[[ INPUT MATERIAL, beginning ]]

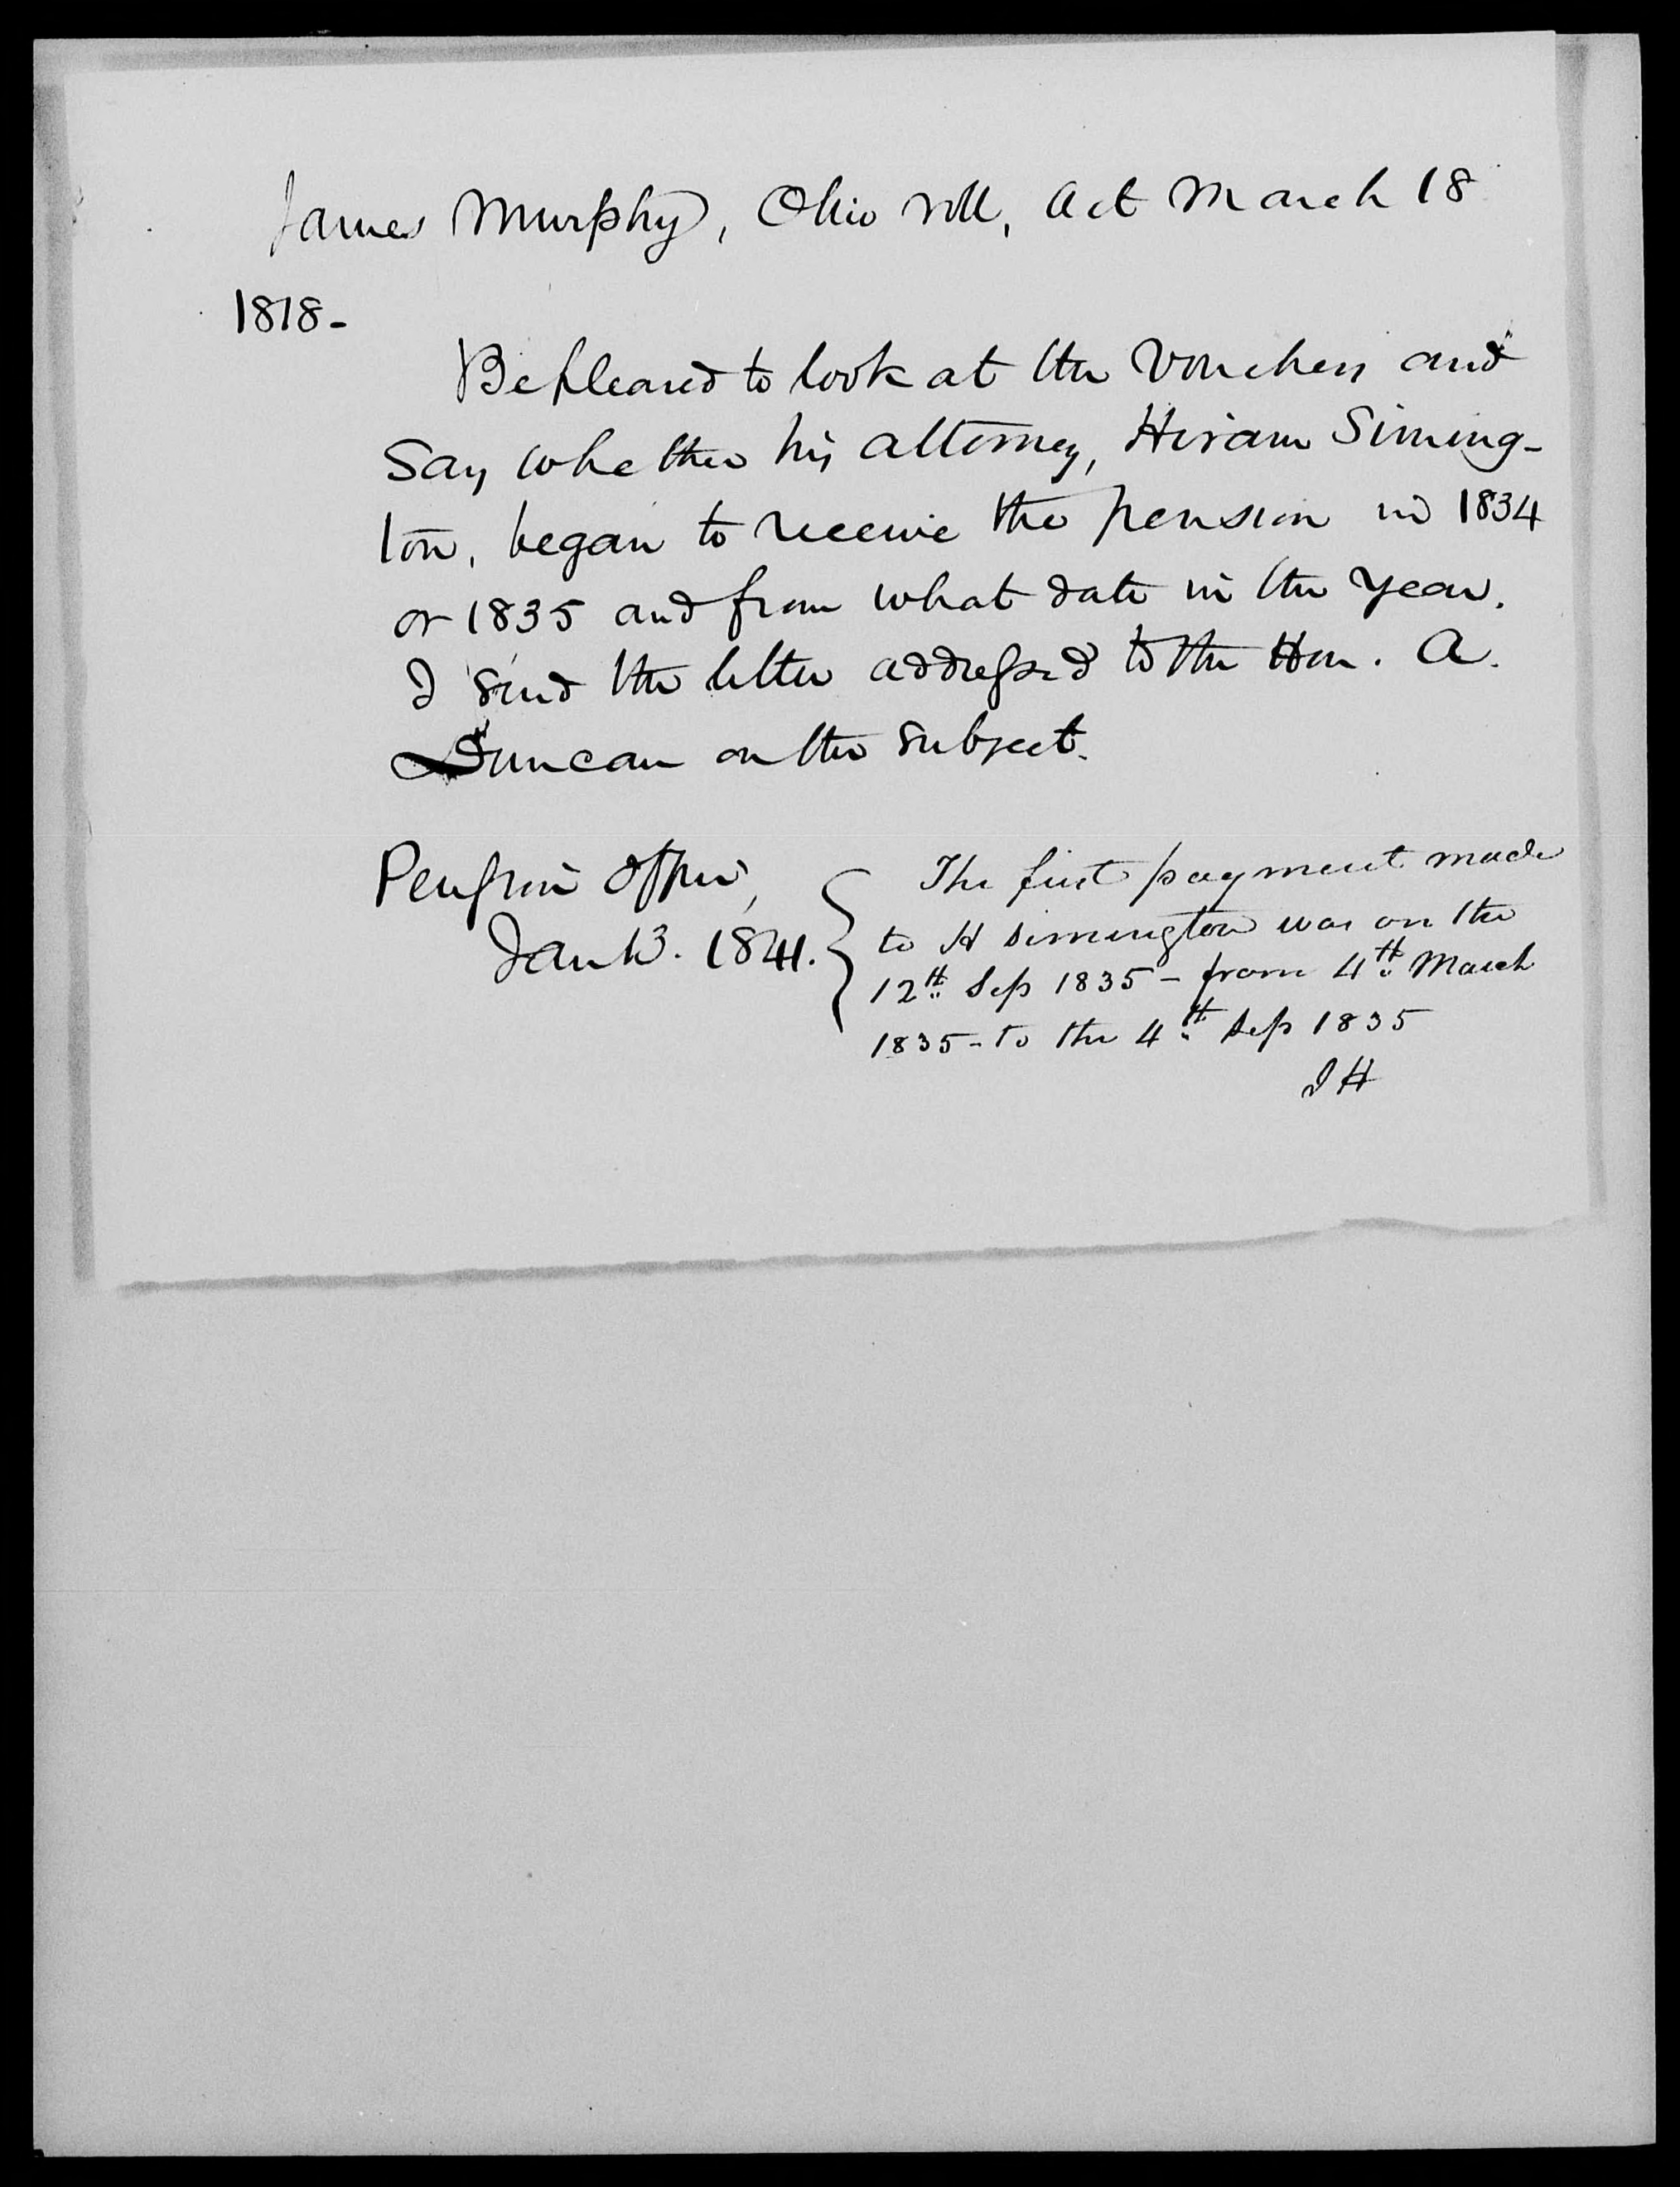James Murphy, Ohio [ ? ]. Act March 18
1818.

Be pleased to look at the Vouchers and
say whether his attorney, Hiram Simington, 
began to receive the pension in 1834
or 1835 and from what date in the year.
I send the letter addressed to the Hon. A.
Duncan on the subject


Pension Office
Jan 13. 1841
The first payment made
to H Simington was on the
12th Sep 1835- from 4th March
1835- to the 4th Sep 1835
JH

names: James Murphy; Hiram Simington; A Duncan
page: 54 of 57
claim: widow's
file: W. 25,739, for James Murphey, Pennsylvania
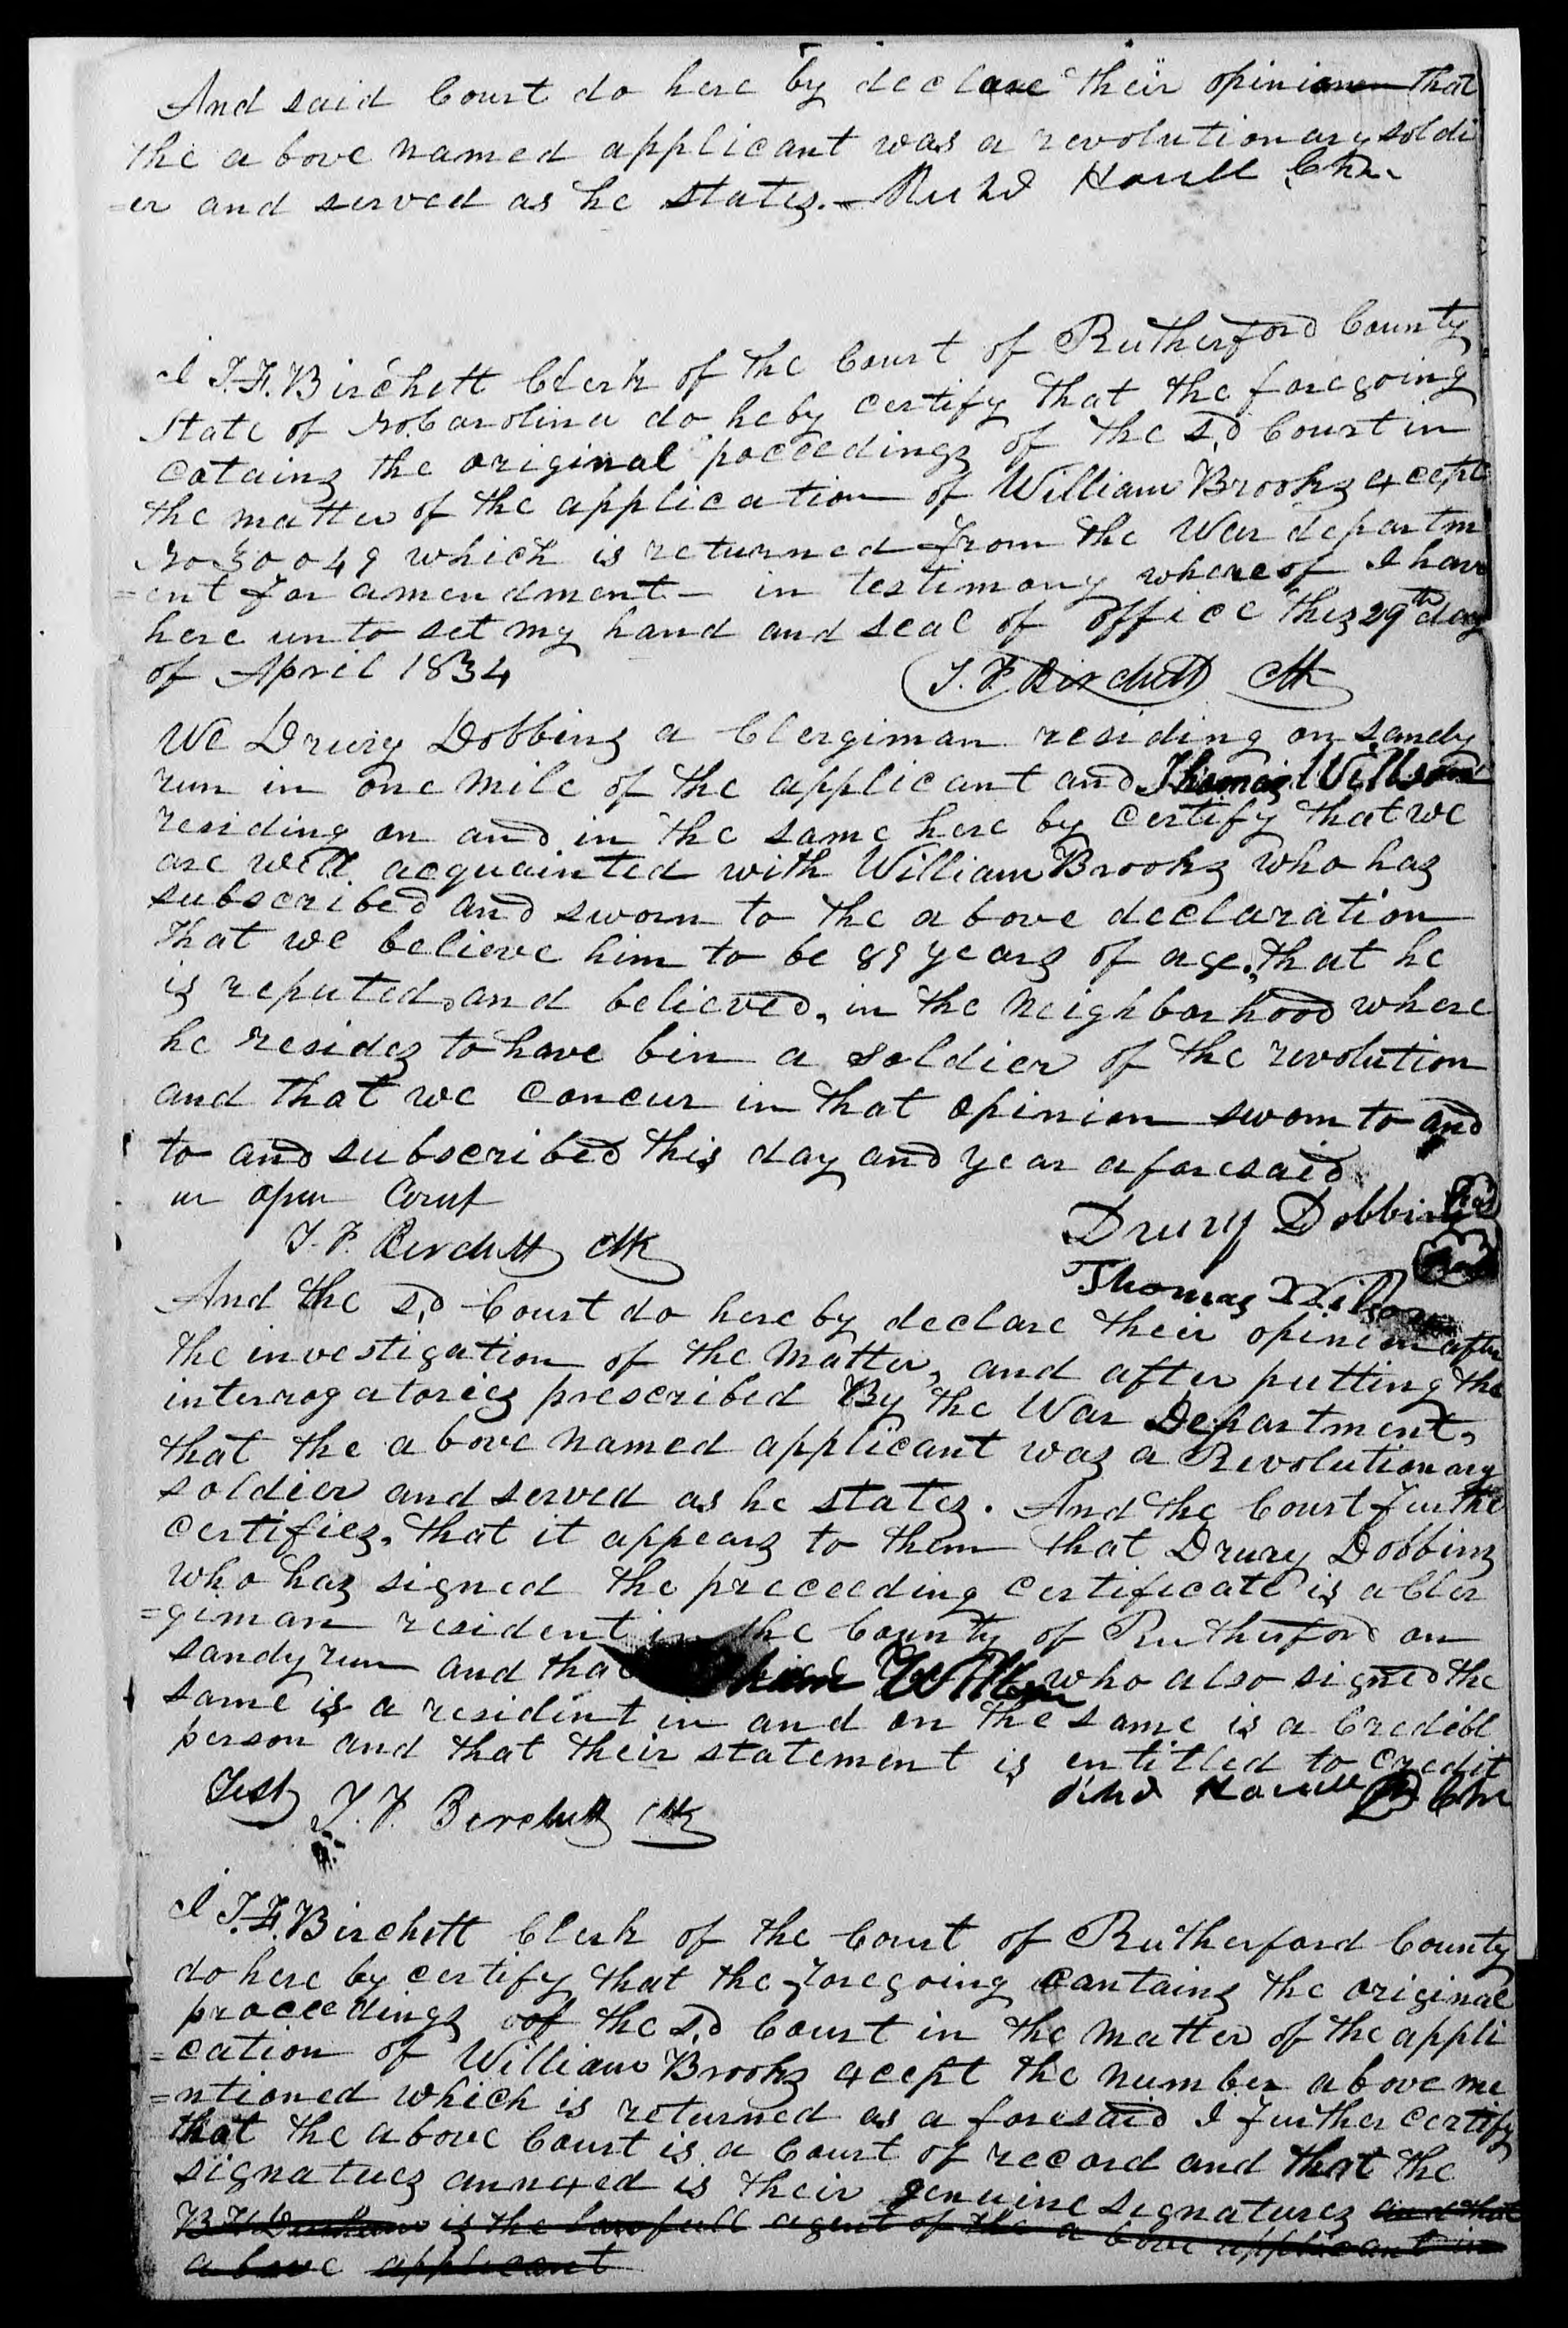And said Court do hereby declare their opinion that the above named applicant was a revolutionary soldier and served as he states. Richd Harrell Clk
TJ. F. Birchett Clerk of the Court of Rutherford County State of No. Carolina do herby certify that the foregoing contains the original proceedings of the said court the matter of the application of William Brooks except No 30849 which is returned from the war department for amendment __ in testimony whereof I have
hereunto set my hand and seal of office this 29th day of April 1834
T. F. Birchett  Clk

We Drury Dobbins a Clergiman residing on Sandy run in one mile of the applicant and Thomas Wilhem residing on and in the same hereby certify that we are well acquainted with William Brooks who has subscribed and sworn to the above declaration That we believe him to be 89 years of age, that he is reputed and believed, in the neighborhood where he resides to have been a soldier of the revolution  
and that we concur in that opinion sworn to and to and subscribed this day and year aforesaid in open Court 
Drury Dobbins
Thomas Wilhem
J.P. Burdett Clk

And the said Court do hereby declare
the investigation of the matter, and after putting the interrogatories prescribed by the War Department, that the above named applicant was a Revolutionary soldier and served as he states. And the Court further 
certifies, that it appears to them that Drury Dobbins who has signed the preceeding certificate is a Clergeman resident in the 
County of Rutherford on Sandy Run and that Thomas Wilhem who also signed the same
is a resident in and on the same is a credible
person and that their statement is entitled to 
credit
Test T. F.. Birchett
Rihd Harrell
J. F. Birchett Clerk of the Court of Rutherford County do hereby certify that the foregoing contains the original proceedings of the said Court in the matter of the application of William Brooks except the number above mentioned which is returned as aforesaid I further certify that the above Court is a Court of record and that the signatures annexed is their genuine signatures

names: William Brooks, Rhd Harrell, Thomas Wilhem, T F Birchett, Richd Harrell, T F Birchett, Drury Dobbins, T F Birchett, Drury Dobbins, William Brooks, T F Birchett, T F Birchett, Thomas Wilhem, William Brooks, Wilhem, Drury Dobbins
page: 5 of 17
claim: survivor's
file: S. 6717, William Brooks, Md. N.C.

[[ INPUT MATERIAL, end ]]

• _WORK REQUEST_
Write back word for word every line in the entries above from the one with "page: 54 of 57" to the one with "And said Court", ends included, and none of the pictures.

• _SOLUTION FOR THIS TASK_
page: 54 of 57
claim: widow's
file: W. 25,739, for James Murphey, Pennsylvania
And said Court do hereby declare their opinion that the above named applicant was a revolutionary soldier and served as he states. Richd Harrell Clk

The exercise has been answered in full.